_Entries provided_
--
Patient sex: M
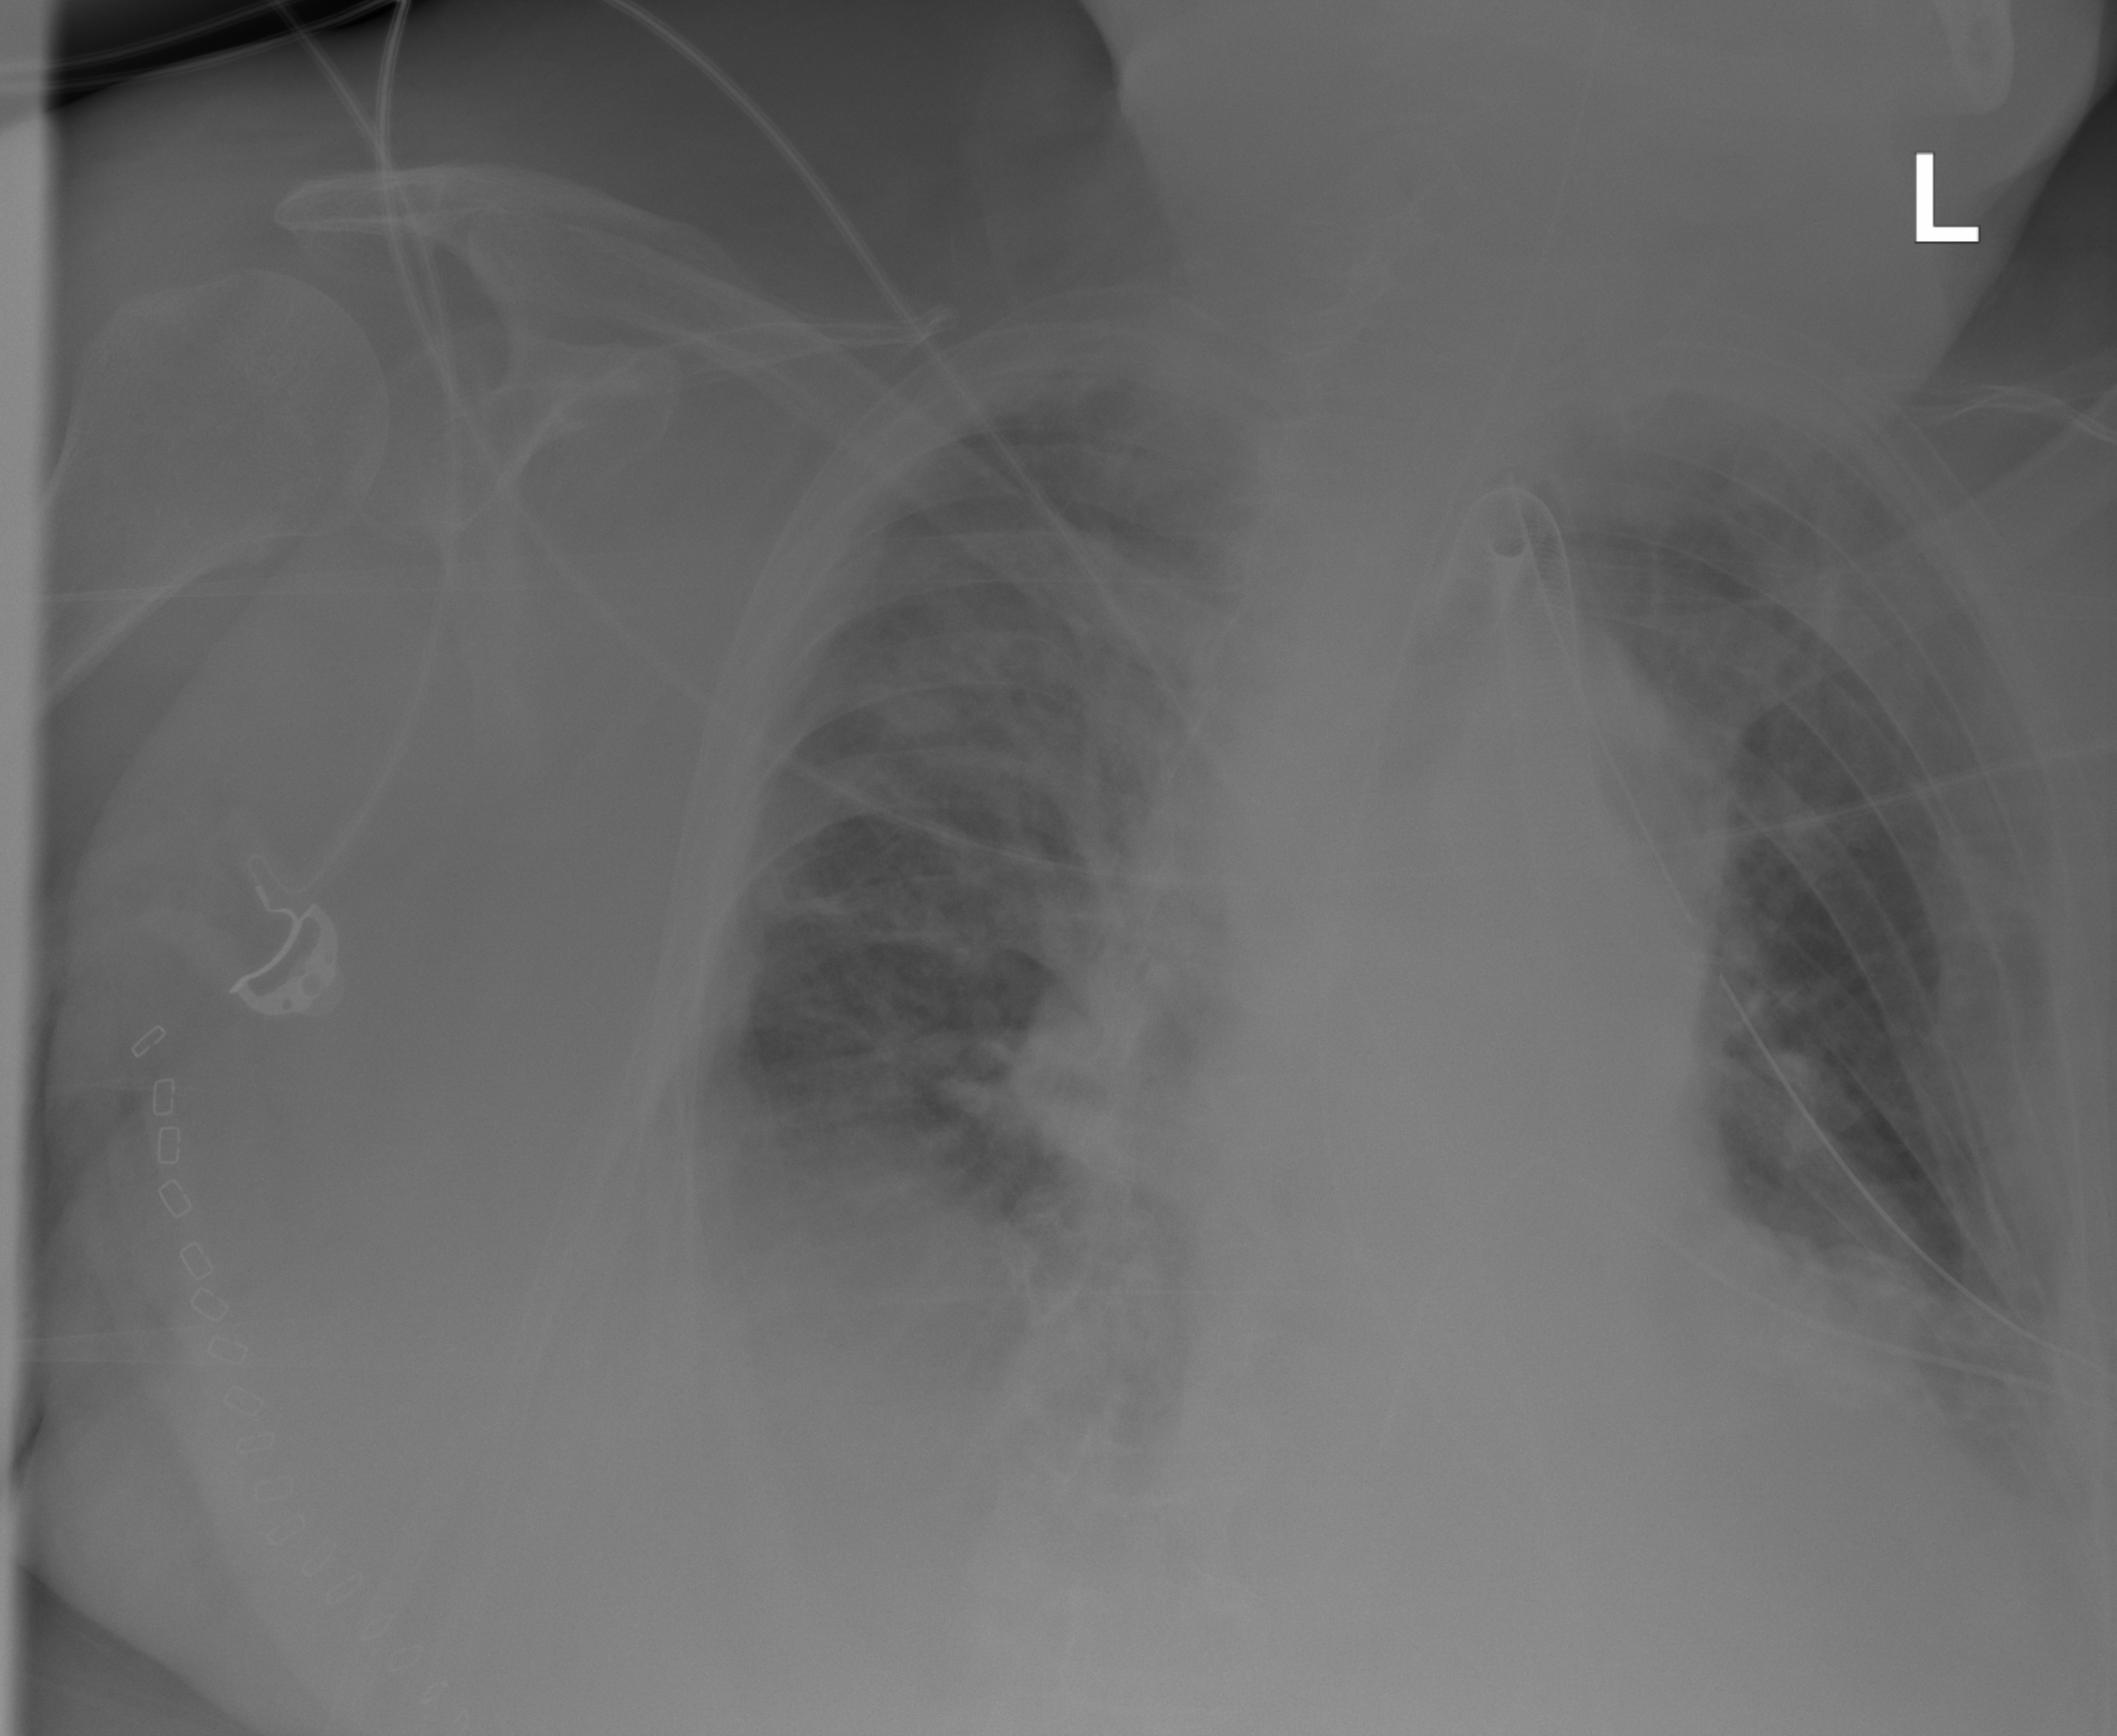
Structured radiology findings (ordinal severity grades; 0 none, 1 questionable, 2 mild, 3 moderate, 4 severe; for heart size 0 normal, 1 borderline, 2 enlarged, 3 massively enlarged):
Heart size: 0
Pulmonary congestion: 3
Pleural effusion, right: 2
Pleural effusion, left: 2
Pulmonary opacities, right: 3
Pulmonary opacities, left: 0
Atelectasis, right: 2
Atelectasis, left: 0
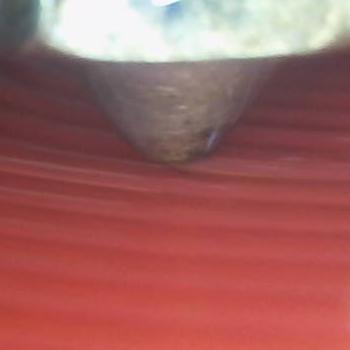
Flow rate: 74%
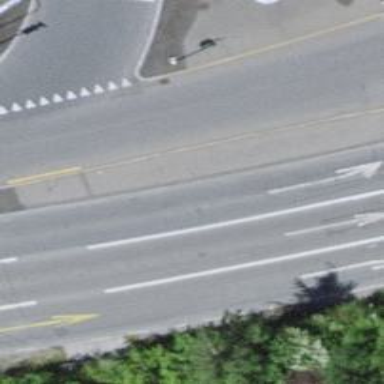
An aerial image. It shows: Primary road with asphalt surface.
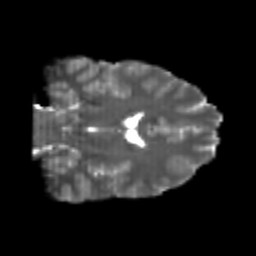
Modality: T2w
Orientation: coronal
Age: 24
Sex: male
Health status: healthy
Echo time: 0.074 s
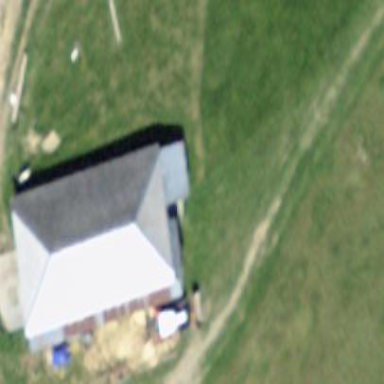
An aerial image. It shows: Farm auxiliary building.
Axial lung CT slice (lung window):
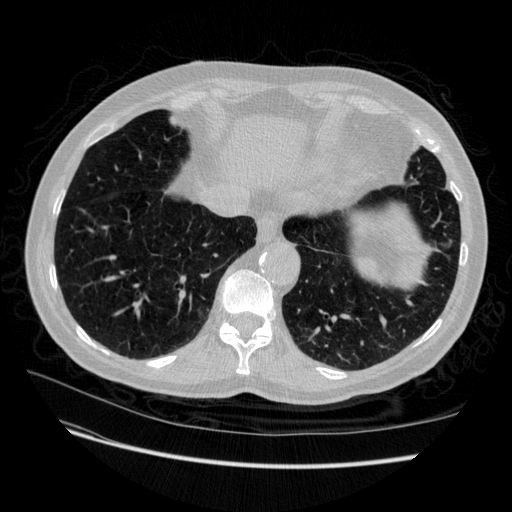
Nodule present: no
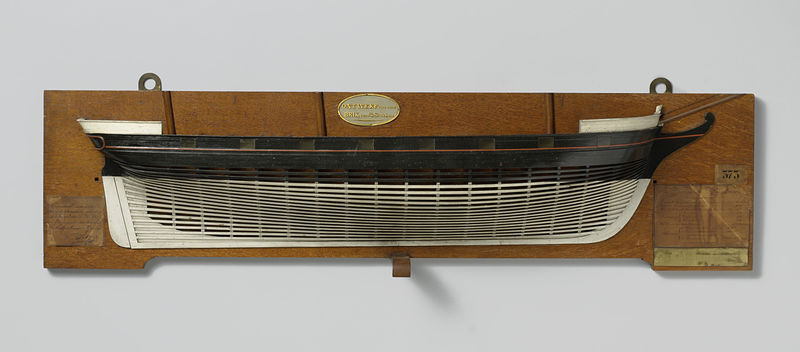
Titel: Halfmodel van een brik van 14 stukken
Künstler: August Elisa Tromp
Standort: Amsterdam
Institution: Rijksmuseum
Schlagwörter: red, white, black, wall, brown, wooden, wood, complex, boat, ship, trim, shadow, model, scale, museum, form, fish, long, brass, sailing, photography, sign, fan, boar, panel, plaque, marine, hang, rib, object, row boat, dada, hook, duchamp, toy, label, holes, trompe l'oeuil, keepsake, souvenir, keel, m 3, krlrk, hangers, museum exhibit, 575, memorabalia
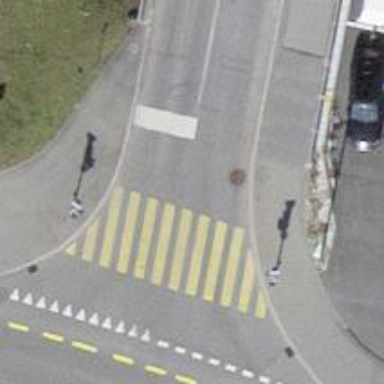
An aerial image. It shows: Road crossing with traffic signals.
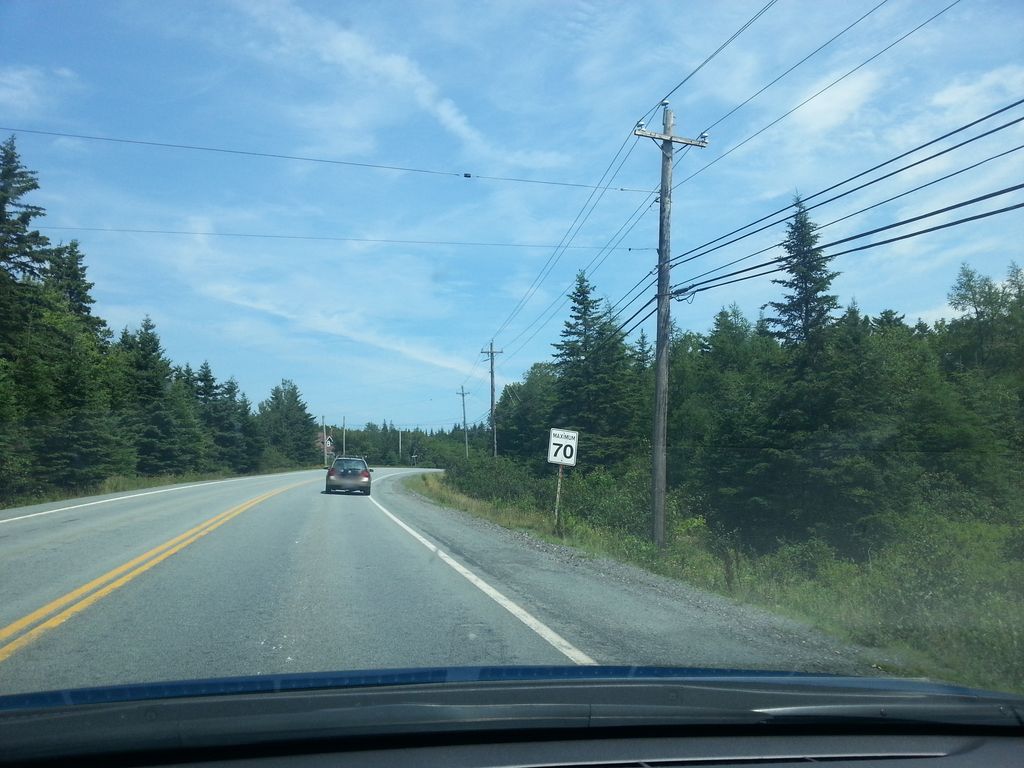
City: halifax
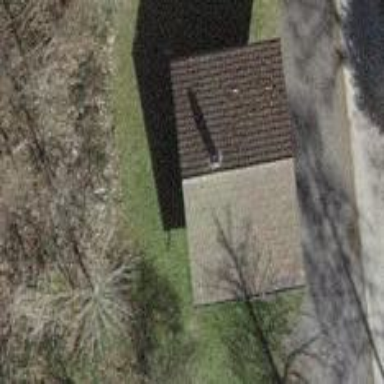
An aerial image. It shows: Shed.
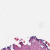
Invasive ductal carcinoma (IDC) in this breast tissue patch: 0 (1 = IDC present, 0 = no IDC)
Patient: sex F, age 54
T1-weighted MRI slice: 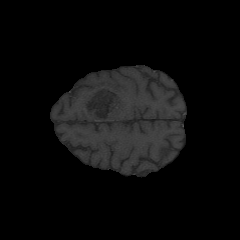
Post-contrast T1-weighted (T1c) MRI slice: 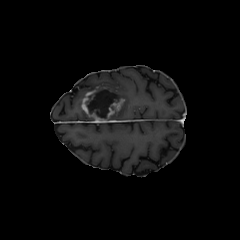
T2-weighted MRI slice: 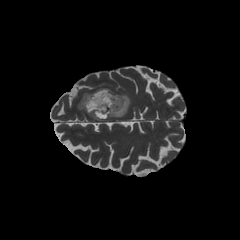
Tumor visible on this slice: yes
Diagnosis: Glioblastoma, IDH-wildtype
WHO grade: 4
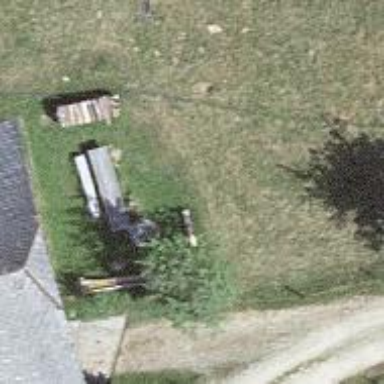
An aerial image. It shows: Farm.
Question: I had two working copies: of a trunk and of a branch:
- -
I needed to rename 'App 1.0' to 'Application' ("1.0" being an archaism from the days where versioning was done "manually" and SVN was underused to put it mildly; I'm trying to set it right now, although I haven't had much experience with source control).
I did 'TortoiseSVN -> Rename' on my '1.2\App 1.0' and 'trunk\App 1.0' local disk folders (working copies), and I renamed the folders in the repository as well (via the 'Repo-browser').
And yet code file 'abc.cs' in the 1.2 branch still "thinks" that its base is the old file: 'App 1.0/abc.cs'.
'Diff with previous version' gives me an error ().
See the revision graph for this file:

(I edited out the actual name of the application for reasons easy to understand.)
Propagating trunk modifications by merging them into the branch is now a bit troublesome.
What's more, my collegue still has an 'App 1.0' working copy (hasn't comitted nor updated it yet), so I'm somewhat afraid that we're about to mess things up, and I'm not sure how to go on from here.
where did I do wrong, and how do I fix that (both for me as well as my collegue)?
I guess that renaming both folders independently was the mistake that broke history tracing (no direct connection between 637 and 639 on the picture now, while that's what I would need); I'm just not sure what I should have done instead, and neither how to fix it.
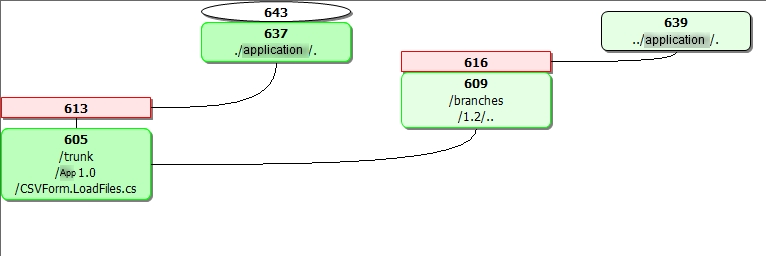
Answer: The issue was caused by renaming both the working copy and the repo folder without communicating either change (as you thought).
As per the thread <URL>, you could have renamed the repo folder, then updated the working copy, or used the command line interface.
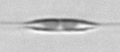
Label: Cylindrotheca
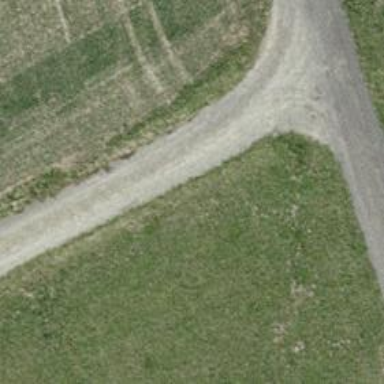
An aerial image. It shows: Track with grade3 tracktype.
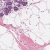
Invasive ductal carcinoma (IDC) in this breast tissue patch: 0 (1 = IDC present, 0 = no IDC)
--
_Task to complete_
Print an exact copy of the lines above, from the one containing "Atelectasis, right: 2" through the one containing "Axial lung CT", and leave out the pictures.

_Written reply_
Atelectasis, right: 2
Atelectasis, left: 0
Flow rate: 74%
An aerial image. It shows: Primary road with asphalt surface.
Modality: T2w
Orientation: coronal
Age: 24
Sex: male
Health status: healthy
Echo time: 0.074 s
An aerial image. It shows: Farm auxiliary building.
Axial lung CT slice (lung window):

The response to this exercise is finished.